***** Input data *****

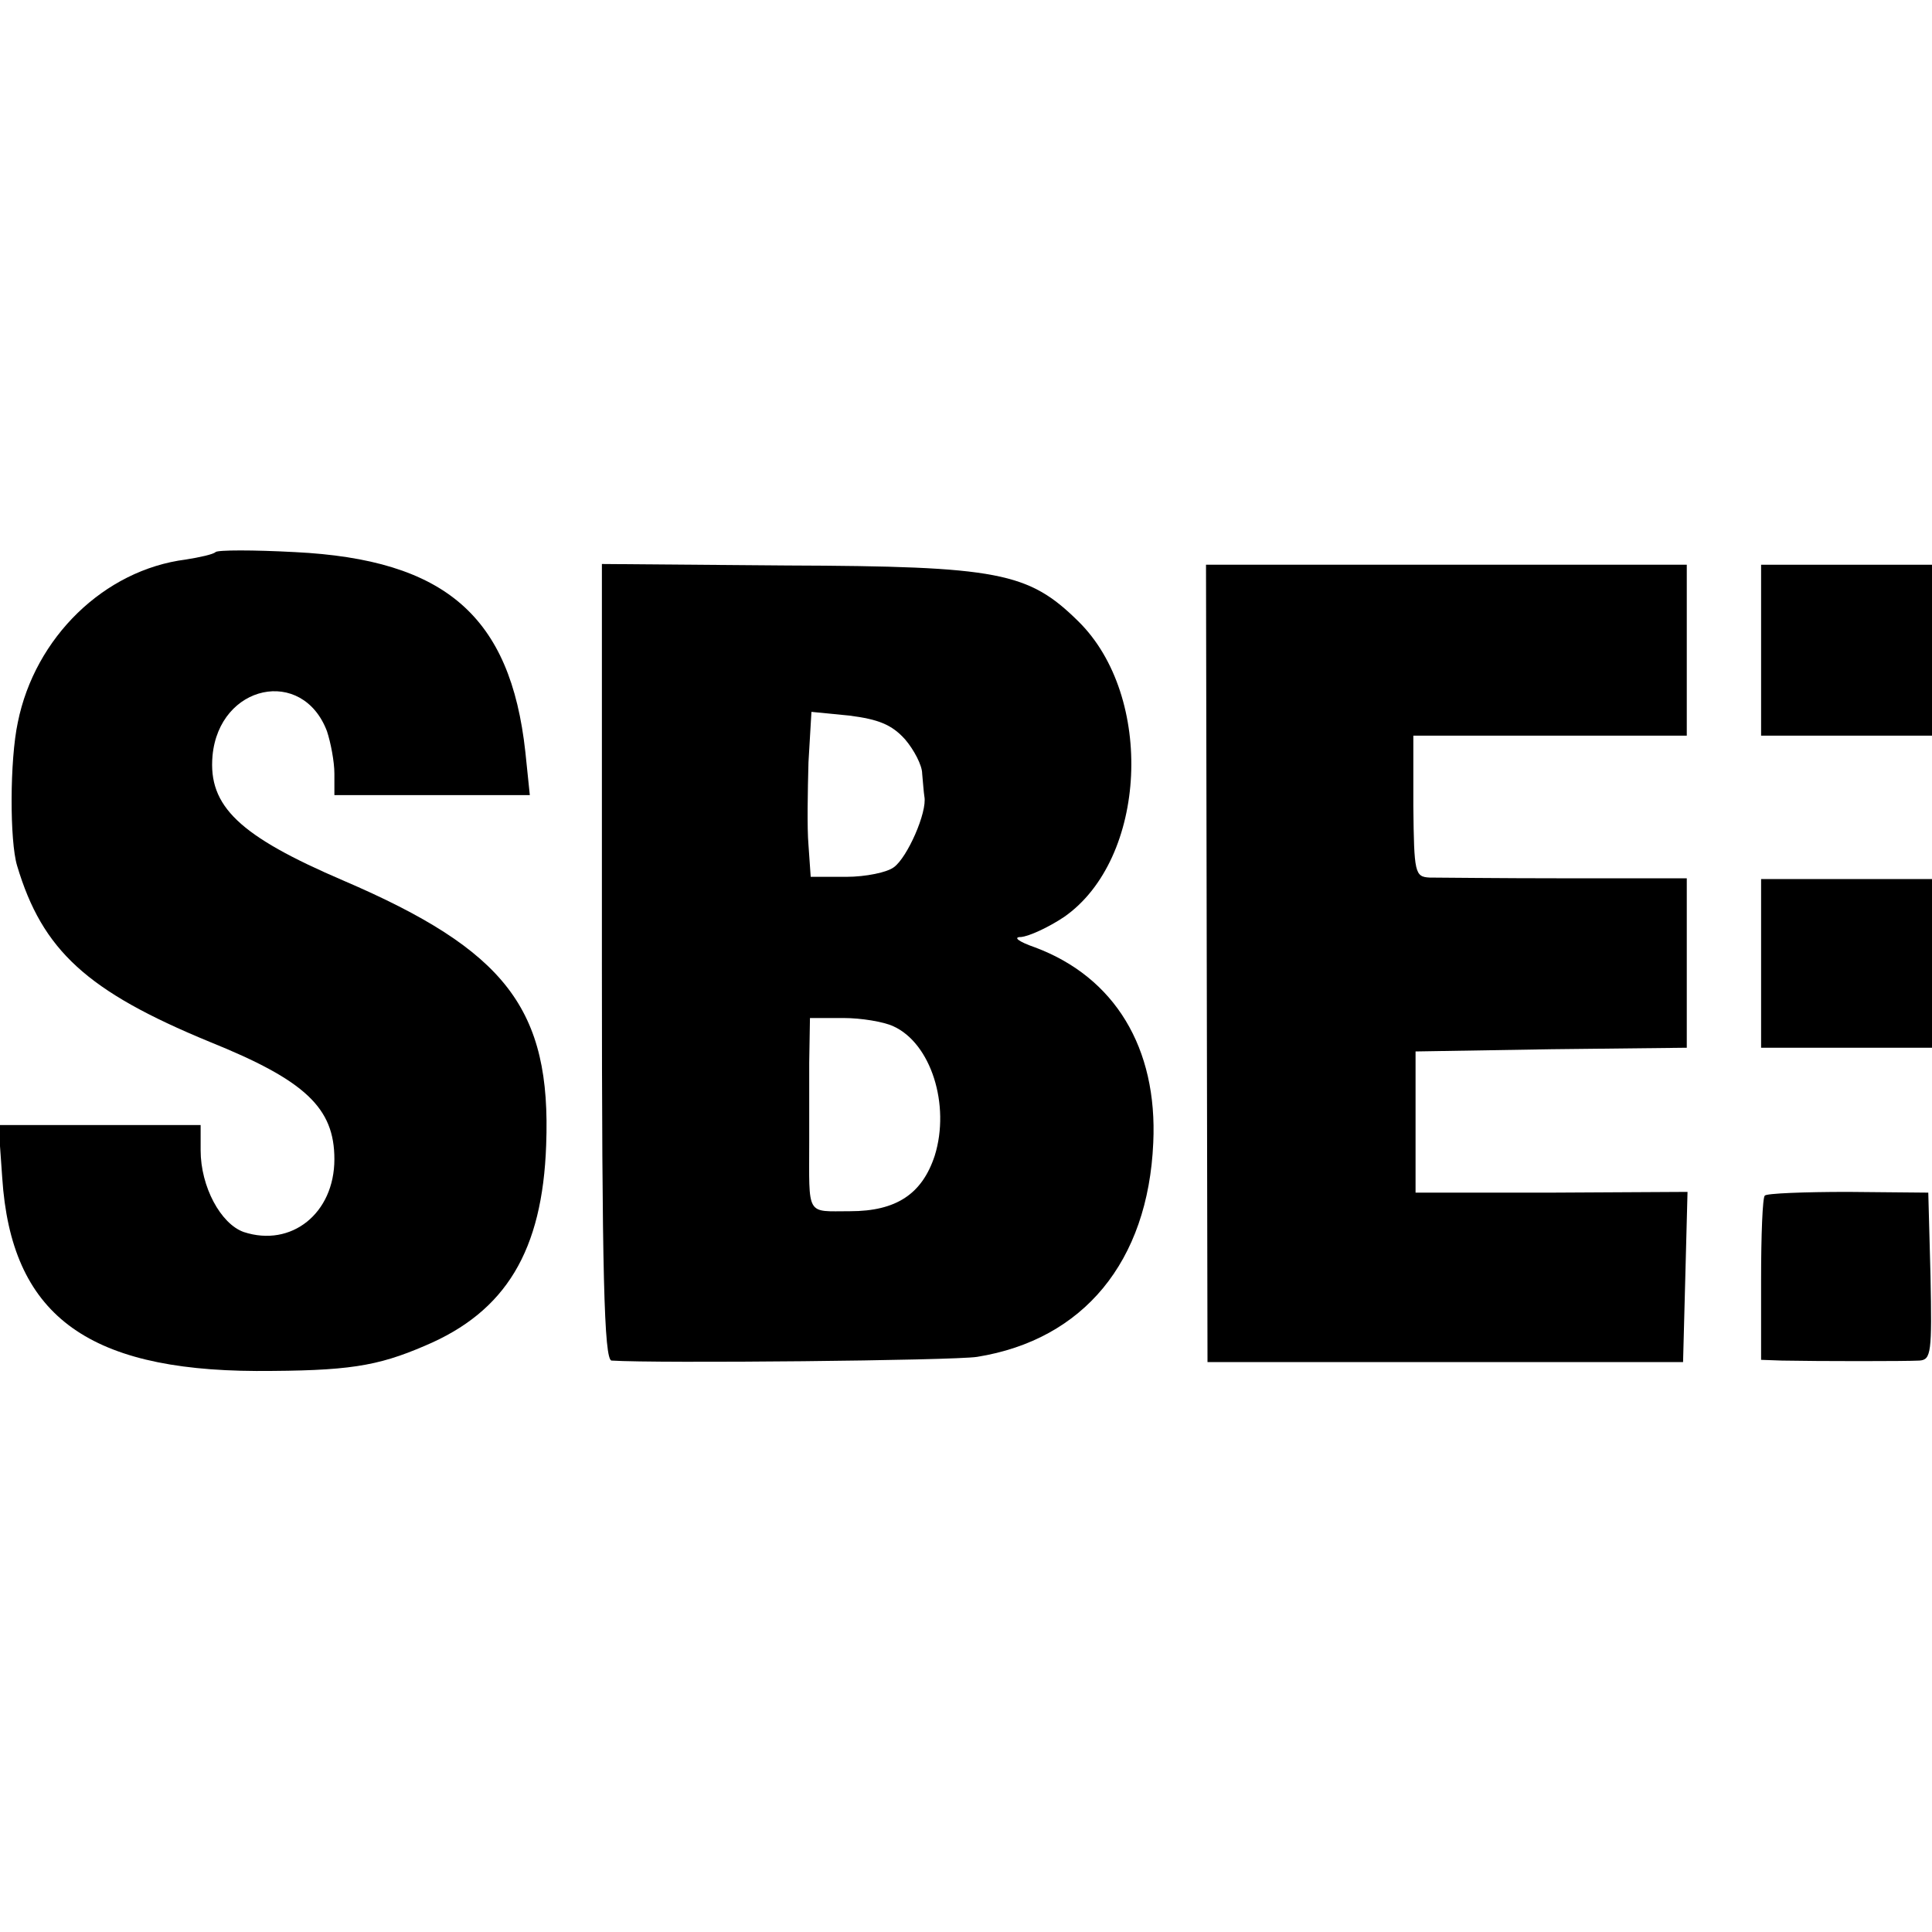 <?xml version="1.0" standalone="no"?>
<!DOCTYPE svg PUBLIC "-//W3C//DTD SVG 20010904//EN"
 "http://www.w3.org/TR/2001/REC-SVG-20010904/DTD/svg10.dtd">
<svg version="1.0" xmlns="http://www.w3.org/2000/svg"
 width="260pt" height="260pt" viewBox="0 0 260 260"
 preserveAspectRatio="xMidYMid meet">
<g transform="translate(0,260) scale(0.1,-0.1)"
fill="#000000" stroke="none">
<path d="M290 1857 c-3 -3 -21 -7 -40 -10 -110 -14 -203 -105 -226 -219 -11
-51 -11 -160 -1 -193 34 -114 94 -169 259 -237 129 -52 168 -89 168 -158 0
-73 -58 -119 -122 -98 -31 11 -58 61 -58 110 l0 34 -136 0 -136 0 5 -71 c12
-183 112 -259 342 -260 123 0 162 6 227 34 109 46 158 128 163 270 7 183 -54
262 -273 356 -140 60 -182 100 -176 168 9 96 121 120 154 33 5 -15 10 -41 10
-57 l0 -29 131 0 132 0 -6 58 c-20 183 -108 259 -310 269 -56 3 -104 3 -107 0z"/>
<path d="M810 1305 c0 -421 3 -535 13 -536 62 -4 461 0 492 5 143 23 230 128
237 288 6 128 -52 223 -159 263 -23 8 -30 14 -19 14 11 1 37 13 58 27 112 78
122 297 19 398 -67 66 -107 74 -392 75 l-249 2 0 -536z m408 300 c12 -14 23
-35 23 -46 1 -10 2 -25 3 -31 4 -21 -23 -82 -41 -95 -9 -7 -38 -13 -64 -13
l-48 0 -3 43 c-2 23 -1 73 0 111 l4 68 51 -5 c39 -5 57 -12 75 -32z m-16 -386
c51 -23 77 -106 56 -174 -17 -52 -52 -75 -114 -75 -60 0 -55 -8 -55 95 0 25 0
72 0 105 l1 60 45 0 c24 0 54 -5 67 -11z"/>
<path d="M1624 1303 l1 -536 320 0 320 0 3 114 3 115 -183 -1 -183 0 0 95 0
95 183 3 182 2 0 114 0 114 -162 0 c-90 0 -173 1 -184 1 -20 1 -21 6 -22 96
l0 95 184 0 184 0 0 115 0 115 -323 0 -324 0 1 -537z"/>
<path d="M2370 1725 l0 -115 115 0 115 0 0 115 0 115 -115 0 -115 0 0 -115z"/>
<path d="M2370 1303 l0 -113 115 0 115 0 0 114 0 113 -115 0 -115 0 0 -114z"/>
<path d="M2375 991 c-3 -2 -5 -53 -5 -113 l0 -108 28 -1 c50 -1 167 -1 185 0
16 1 17 11 15 114 l-3 112 -108 1 c-59 0 -110 -2 -112 -5z"/>
</g>
</svg>

*****

### What is needed
Copy out all lines of the listing above that include "path".

### Written solution
<path d="M290 1857 c-3 -3 -21 -7 -40 -10 -110 -14 -203 -105 -226 -219 -11
<path d="M810 1305 c0 -421 3 -535 13 -536 62 -4 461 0 492 5 143 23 230 128
<path d="M1624 1303 l1 -536 320 0 320 0 3 114 3 115 -183 -1 -183 0 0 95 0
<path d="M2370 1725 l0 -115 115 0 115 0 0 115 0 115 -115 0 -115 0 0 -115z"/>
<path d="M2370 1303 l0 -113 115 0 115 0 0 114 0 113 -115 0 -115 0 0 -114z"/>
<path d="M2375 991 c-3 -2 -5 -53 -5 -113 l0 -108 28 -1 c50 -1 167 -1 185 0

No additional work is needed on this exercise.